We fine-tune [GPT-J-6B](https://huggingface.co/EleutherAI/gpt-j-6B) on NI, P3, COT, the pile data.
- [Natural-Instructions](https://github.com/allenai/natural-instructions)
- [P3](https://huggingface.co/datasets/Muennighoff/P3)
- [MMLU-COT](https://github.com/jasonwei20/flan-2/blob/main/mmlu-cot.json)
- [the pile](https://huggingface.co/datasets/the_pile)

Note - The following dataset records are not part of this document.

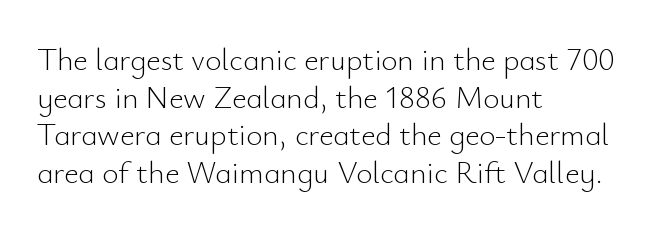
Q: Is the text bold? A: No.
Q: Is the text italic (slanted)? A: No, it is upright.
Q: Is the typeface a serif or a sans-serif typeface? A: Sans-serif.
Q: Is the text underlined? A: No.
Q: How is the paragraph aligned? A: Left-aligned.
Q: Is the spacing between letters normal or unusually wide? A: Normal.
Q: Width (condensed, normal, or wide)? A: Normal.
Q: Stroke contrast? A: Low.
Q: x-height? A: Small.
Q: Monospaced? A: No.
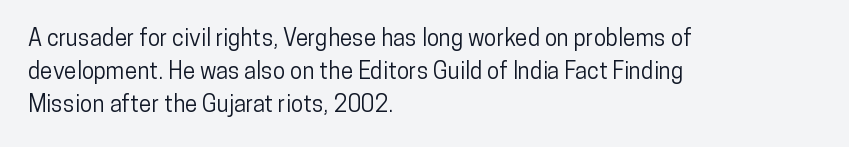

The pile is used to keep the general ability of GPT-J.
Others are instruction-tuning datasets.

# Hyperparameters

We used AdamW with a learning rate of 1e-5 and global batch size of 64, and train for 5k steps.
We used mix-precision training where the activation is in FP16 while the optimizer states are kept in FP32.
We truncate the input sequence to 2048 tokens, and for input sequence that contains less than 2048 tokens, we concatenate multiple sequences into one long sequence to improve the data efficiency.

# Infrastructure

We used [the Together Research Computer](https://together.xyz/) to conduct training. 
Specifically, we used 4 data parallel workers, each containing 2 \* A100 80GB GPUs. 
Together Research Computer connects clusters at Stanford University, ETH Zurich, Open Science Grid, and University of Wisconsin-Madison.